Fin de semana de ‘política alternativa’, si queremos llamarla así, en España: con una ‘cumbre’ de la ultraderecha en Madrid, con intervención estelar del húngaro pro Putin Viktor Orban, de la mano de Abascal, por un lado; y, por otro, ‘cumbre’ abertzale –aún se dice así ¿no?– de EH Bildu, que celebra su III congreso en Pamplona, iniciando una era en la que Arnaldo Otegi reforzará su liderazgo. Nada que ver un acto con otro, obviamente... excepto que estamos ante la muestra de que el bipartidismo se difumina por su propia culpa, por su falta de entendimiento mutuo. Alguien debería meditar sobre que solamente en España y Alemania hay ya partidos conservadores -no ultraconservadores- fuertes en la UE. Y en que la socialdemocracia solo es ya fuerte, dentro de la Unión Europea, en España.
La victoria de Trump ha dado alas a la ultraderecha europea, que es, a la vez, en términos generales, ‘trumpista’ y en cierta medida también ‘putinista’. El grupo Patriots en el Europarlamento quiere redefinir los pesos específicos en Europa –cuánta falta nos haría el retorno del Reino Unido a la UE–. Aunque, por el momento, las diferencias internas en la ultraderecha, con Georgia Meloni en uno de los bandos, frenan una actuación más definida, que en todo caso sería nociva. Y, por otra parte, la ‘cumbre madrileña’ auspiciada por el líder de Vox, Santiago Abascal, es una pésima noticia para la derecha ‘de siempre’, el Partido Popular, que aún ni ha expresado su reacción oficial ante el liderazgo de Trump.

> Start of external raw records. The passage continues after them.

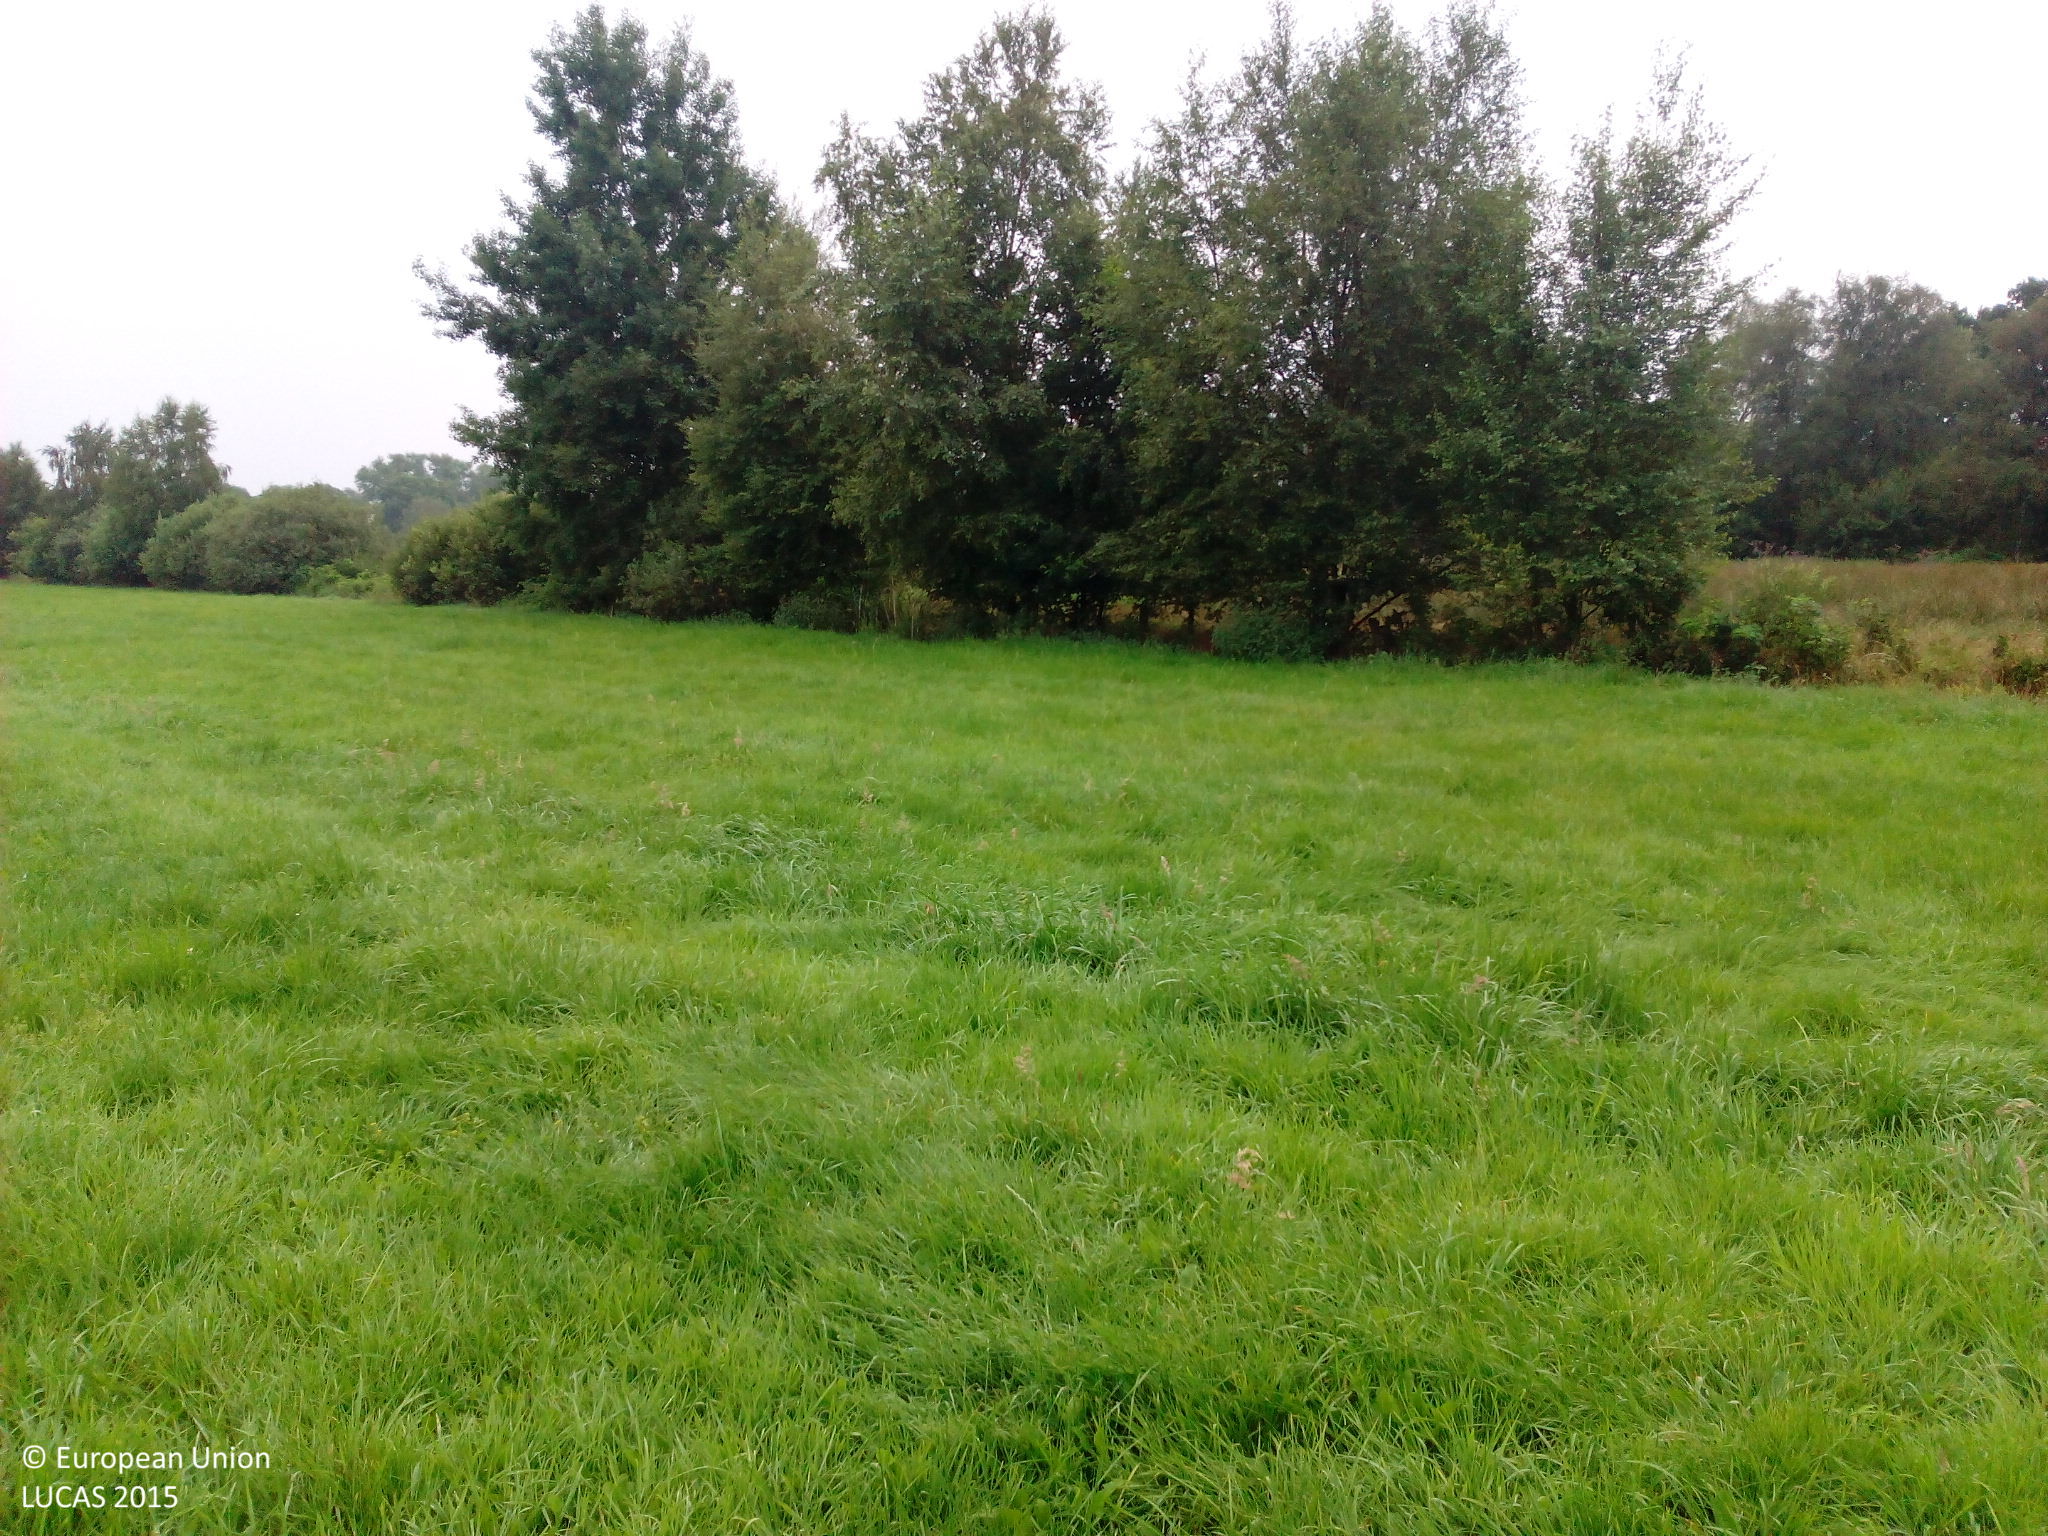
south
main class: Grassland
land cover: Grassland without tree/shrub cover
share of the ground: > 75 %
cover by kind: herbaceous plants 100 %
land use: Agriculture (excluding fallow land and kitchen gardens)
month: August
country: DE
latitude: 53.8687
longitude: 9.6504

En lo que podría considerarse el otro extremo del arco político, por ejemplo en EH Bildu, también se advierten movimientos que son tomas de posición. No porque el liderazgo de Otegi sea algo nuevo, sino porque lo que es nuevo es el lenguaje moderado, los objetivos ajenos a la violencia y, en el fondo, el decidido propósito, que no es muy lejano al de los independentistas catalanes, de alejarse ‘de Madrid’. Bildu se ha convertido, con el PNV, también en fase de fortalecimiento interno, en el principal aliado del Gobierno de Pedro Sánchez. Pero no es, como no lo son los soberanistas catalanes y ni siquiera lo es Podemos, aliados a largo plazo: los objetivos finales de todos ellos para nada coinciden, se supone –porque a veces las cosas no están tan claras–, con los del PSOE.
Hay que ser tan miope como lo son los partidos nacionales mayoritarios para no darse cuenta de la transformación que está experimentando el engranaje partidista español y, por cierto, también el europeo –y el mundial, ya lo vemos–. Hace mucho tiempo que muchos, y no solo en España, vienen abogando por un retorno a los viejos, buenos, hábitos bipartidistas –todo lo imperfectos y matizados que se quiera–, a las coaliciones ‘de facto’ que enmarcaron los progresos de la Transición. A aquellos pactos de La Moncloa. Pero una política en la que lo que prima es la confrontación entre ‘los mayores’ acabará por arrojar en España resultados semejantes a los que observamos en Italia, en Francia, en Austria y, ahora, en Alemania, donde la extrema derecha está inequívocamente apoyada por los Estados Unidos ante las elecciones del próximo día 23. Desaparición virtual de los grandes partidos ‘clásicos’ y ascenso desordenado de formaciones de todo jaez y con propósitos despendolados.
Creo que en España son, somos, muchos quienes no nos sentimos representados ni por Orban, ni por Trump, ni por Otegi, ni por Puigdemont, y cada vez, sin embargo, desconfiamos más de un sistema bipartidista que ya no es tal. Entre otras cosas por la defección de quienes representaban un cierto centro (y que ahora pretenden retornar tras sus meteduras de pata). Y, claro, por la miopía, egoísmo y falta de patriotismo de quienes, representando en España (aún) a casi veinte millones de votos, no entienden que hay que gobernar con parámetros distintos a la mera ocupación del poder, de todo el poder. No a base de manifestaciones innecesarias con objetivos mendaces, ni de diálogos de besugos a base de ‘y tú más’. Ni de asaltos a las instituciones. Así, tal como vamos, ¿qué puede salir mal? A saber.